Anywhere rainfall persists, the risk of flooding will increase. Where rainfall is the most intense and frequent, incidents of small stream and flash flooding can occur. People should anticipate travel delays during the wet pattern.
Opportunities for rain will continue in Florida and southeastern Georgia over the next couple of weeks. Much of the region is in need of more rain to help extinguish brush fires. There is a chance that tropical moisture comes into play toward the end of the first week of June.
The cloudy conditions have also held high temperatures to near to slightly below average in many parts of the Northeast and the Midwest.
The combination of wet weather and lower temperatures has resulted in green lawns, filled reservoirs and poor drying conditions. Lawncutting operations may struggle to keep up.

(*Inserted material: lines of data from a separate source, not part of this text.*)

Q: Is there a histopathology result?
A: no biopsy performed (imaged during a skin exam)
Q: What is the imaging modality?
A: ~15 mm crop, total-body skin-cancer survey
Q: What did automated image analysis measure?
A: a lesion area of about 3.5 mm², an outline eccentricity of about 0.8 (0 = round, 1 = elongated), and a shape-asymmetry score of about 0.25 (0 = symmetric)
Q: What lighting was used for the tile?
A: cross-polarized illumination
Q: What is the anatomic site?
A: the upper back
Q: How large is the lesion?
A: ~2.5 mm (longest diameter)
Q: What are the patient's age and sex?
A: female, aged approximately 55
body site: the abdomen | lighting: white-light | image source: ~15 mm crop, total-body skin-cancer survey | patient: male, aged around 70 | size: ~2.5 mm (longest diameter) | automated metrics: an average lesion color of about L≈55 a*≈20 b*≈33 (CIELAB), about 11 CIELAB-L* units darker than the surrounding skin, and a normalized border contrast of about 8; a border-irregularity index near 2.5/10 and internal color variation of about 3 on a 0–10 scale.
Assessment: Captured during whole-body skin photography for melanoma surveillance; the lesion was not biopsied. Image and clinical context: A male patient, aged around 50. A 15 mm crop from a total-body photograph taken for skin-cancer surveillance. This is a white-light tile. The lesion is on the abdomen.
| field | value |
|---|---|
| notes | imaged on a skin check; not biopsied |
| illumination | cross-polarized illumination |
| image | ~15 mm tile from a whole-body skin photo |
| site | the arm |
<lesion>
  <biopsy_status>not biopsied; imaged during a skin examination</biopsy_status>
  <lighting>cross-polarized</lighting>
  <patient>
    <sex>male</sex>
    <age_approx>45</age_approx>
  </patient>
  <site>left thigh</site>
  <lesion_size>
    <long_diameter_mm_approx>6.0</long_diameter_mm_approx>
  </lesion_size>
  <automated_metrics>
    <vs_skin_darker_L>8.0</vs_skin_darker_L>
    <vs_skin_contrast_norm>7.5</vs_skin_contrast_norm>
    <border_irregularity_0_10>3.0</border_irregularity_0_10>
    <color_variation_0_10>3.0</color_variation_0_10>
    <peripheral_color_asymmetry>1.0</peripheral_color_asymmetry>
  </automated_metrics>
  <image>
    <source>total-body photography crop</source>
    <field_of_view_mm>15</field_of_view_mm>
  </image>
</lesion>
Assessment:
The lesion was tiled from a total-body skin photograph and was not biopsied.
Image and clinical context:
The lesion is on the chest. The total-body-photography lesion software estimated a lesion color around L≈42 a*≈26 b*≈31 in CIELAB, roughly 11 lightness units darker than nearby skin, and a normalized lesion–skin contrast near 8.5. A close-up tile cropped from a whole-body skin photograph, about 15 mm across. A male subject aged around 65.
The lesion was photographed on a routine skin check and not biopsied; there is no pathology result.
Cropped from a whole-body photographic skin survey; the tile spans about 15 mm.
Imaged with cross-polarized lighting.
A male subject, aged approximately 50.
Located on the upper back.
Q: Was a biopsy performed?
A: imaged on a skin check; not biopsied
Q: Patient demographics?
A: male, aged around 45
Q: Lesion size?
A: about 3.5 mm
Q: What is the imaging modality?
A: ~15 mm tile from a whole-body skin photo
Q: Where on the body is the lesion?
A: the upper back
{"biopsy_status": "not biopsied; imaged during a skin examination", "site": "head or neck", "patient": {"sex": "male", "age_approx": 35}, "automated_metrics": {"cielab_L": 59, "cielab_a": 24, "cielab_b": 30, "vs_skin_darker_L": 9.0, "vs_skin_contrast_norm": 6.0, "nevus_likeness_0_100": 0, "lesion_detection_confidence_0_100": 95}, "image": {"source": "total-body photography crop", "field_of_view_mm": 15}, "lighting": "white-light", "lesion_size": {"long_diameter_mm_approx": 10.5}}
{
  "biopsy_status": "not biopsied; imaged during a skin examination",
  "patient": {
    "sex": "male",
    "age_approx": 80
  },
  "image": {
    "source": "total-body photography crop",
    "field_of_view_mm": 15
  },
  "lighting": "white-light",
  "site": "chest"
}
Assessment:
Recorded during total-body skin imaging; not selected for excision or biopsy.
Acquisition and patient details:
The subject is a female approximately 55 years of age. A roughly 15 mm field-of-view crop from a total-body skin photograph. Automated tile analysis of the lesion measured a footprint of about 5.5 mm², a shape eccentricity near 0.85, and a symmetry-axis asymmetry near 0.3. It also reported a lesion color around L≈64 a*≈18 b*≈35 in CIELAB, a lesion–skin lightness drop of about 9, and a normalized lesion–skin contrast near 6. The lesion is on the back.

"While there can be a very warm day here and there, long stretches of hot weather are unlikely into early June for much of the Northeast and Midwest," Duffey said.
Water in unheated pools and lakes may struggle to warm up significantly, due to the lack of hot, sunny days. Ocean water temperatures are less affected by sunshine and hot weather. Surf temperatures may run close to average as a result.
"The pattern of April-like rainfall with June temperatures should keep overall energy consumption close to average over the next few weeks," Duffey said.
Most areas in the corn belt of the central U.S. that are not experiencing lingering river flooding should receive a fair balance of heat and moisture to allow the crop to grow and mature, Duffey stated. However, some waters along the Mississippi and its major tributaries will remain above flood stage into the middle of June.
Somewhere during the second half of or the last part of June, the pattern is expected to dry out a bit and then warm up as a result.
"The AccuWeather long-range team still expects the summer of 2017 to finish with near- to slighty above-average temperatures and near- to slightly above-average rainfall in much of the eastern half of the U.S.," Duffey said.